The reason is because closings reflect sales activity that took place in earlier months, so it does not tell you how active the market was in that market in a precised point of time.

For example, in January, all of the closing activity will be do to sales activity that took place in 2009, so the under contracts will be a far better barometer of the health of the market than the closings.

I look at under contracts as a spring that feeds a river of closings.  Ironically, sometimes the river can be rising because the flow had been dammed-up by  problems  such as appraisals, inspections, and trouble getting financing. And when the logjam breaks, there’s a flood of closings, even if sales (under contracts) are at a trickle that month.

Metaphors aside, in a tough market you might see a lot of closings in some months because a large number of homes that were placed under contract in June, for example, are closing in September and October, instead of in July and August, like they would in an easier market.

In addition, I think the typical consumer considers putting a home under contract the same as selling it. When they come into the office on Monday and say they sold their home on Friday, they’re usually talking about placing it under contract.

“I finally closed on my home,” they then will wearily say three months later, after surviving a brutal inspection, when the prospective buyer gave them a laundry list of things they want fixed before they will consummate the deal.

That said, closing are obviously extremely important – they are the real thing.  Although not a good metric for monthly activity, they represent actual money changing hands. A certain number of under contracts will never close, so in one respect, they are always making the market look better than it is.

And there is no denying that last month was  a banner November for closings.

There were 3,599 closings in the Denver metro area last month, shows data from Metrolist compiled by independent broker Gary Bauer. That is a 23.25 percent increase over November 2008.

An analysis of November closings by InsideRealEstateNews.com, using information supplied by Bauer, shows that last month represents the third best year-over-year, percentage increase for a November since 1990.

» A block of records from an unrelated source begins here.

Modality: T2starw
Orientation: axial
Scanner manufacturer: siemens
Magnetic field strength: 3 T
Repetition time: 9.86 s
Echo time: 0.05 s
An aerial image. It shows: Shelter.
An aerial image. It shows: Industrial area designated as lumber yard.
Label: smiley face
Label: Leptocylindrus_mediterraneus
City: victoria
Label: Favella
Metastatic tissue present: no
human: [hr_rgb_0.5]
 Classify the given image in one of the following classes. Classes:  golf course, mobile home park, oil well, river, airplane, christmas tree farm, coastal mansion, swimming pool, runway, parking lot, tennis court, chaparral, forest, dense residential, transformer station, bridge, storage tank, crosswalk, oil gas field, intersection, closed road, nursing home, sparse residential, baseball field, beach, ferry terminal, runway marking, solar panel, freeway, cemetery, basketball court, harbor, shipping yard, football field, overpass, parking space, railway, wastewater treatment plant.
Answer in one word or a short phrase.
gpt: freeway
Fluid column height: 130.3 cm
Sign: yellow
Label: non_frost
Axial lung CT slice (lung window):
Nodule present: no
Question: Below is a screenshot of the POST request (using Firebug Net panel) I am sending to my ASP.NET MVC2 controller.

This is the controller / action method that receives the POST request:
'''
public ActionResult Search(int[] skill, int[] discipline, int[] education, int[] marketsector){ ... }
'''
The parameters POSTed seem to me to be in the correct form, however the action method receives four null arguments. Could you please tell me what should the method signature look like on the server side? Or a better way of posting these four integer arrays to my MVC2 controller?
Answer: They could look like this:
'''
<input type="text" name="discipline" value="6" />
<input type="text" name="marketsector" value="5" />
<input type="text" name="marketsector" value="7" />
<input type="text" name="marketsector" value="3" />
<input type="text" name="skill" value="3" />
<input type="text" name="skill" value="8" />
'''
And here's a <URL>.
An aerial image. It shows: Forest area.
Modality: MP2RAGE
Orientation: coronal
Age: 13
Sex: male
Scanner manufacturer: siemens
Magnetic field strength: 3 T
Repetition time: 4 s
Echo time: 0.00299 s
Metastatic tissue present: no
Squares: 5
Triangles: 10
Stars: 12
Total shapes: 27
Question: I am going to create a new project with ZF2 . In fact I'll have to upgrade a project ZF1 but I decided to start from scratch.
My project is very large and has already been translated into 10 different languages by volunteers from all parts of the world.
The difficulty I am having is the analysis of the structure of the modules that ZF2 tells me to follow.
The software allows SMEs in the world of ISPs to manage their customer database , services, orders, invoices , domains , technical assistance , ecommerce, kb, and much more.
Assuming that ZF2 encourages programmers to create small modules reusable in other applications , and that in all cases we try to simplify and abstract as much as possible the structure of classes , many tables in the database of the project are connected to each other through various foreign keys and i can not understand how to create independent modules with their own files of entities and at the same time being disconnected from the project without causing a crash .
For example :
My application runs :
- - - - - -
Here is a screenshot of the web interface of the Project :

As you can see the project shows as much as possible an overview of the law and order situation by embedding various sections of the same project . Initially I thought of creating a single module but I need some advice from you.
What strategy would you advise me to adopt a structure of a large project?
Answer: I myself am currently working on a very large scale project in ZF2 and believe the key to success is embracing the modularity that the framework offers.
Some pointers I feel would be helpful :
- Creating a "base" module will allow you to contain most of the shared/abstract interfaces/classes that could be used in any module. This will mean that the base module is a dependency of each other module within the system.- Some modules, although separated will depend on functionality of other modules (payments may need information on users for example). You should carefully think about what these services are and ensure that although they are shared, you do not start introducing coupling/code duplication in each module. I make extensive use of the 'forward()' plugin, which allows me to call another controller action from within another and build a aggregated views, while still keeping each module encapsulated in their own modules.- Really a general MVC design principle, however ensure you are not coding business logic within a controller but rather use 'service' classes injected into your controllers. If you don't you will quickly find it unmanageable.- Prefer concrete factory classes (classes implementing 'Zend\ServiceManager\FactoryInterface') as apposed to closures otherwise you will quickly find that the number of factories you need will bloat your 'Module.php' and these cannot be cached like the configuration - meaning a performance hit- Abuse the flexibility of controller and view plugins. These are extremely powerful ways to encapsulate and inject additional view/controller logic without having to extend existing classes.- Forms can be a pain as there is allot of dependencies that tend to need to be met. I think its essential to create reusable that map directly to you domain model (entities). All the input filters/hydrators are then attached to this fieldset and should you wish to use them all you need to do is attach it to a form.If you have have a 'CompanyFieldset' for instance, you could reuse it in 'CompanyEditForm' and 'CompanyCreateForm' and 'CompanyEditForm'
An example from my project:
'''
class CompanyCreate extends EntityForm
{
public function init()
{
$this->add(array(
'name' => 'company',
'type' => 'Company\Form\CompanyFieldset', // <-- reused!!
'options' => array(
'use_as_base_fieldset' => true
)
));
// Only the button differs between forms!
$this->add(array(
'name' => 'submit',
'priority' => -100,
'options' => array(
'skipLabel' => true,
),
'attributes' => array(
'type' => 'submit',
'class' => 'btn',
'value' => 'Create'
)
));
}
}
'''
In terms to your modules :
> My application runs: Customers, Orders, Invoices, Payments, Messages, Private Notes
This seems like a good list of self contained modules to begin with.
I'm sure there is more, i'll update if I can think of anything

Last month also was the largest percentage increase for a November in five years. In November 2004, there were 4,545 closings, a 23.64 percent increase from the 3,676 closings in November 2003. And in November 1992, closings rose by a whopping 44.3 percent from November 1991. (Indeed, it is interesting to note that in 1991, there were 3,107 closings, only 15.8 percent fewer than last month.)

Perhaps most encouraging, last month’s closings represent $859.63 million in sales, a 29.7 percent increase over the $662.53 million in home sales in November 2008. That is because not only were sales up, but so was the average price. The average price for all homes and condos closed stood at $238,852 last month, compared with $226,895 in November 2008, Bauer’s report shows.

Another way to look at it: That’s almost $200 million more in home sales last month than in November 2008.

That means a lot more money flowing in the Denver-economy, just in time for the holiday season.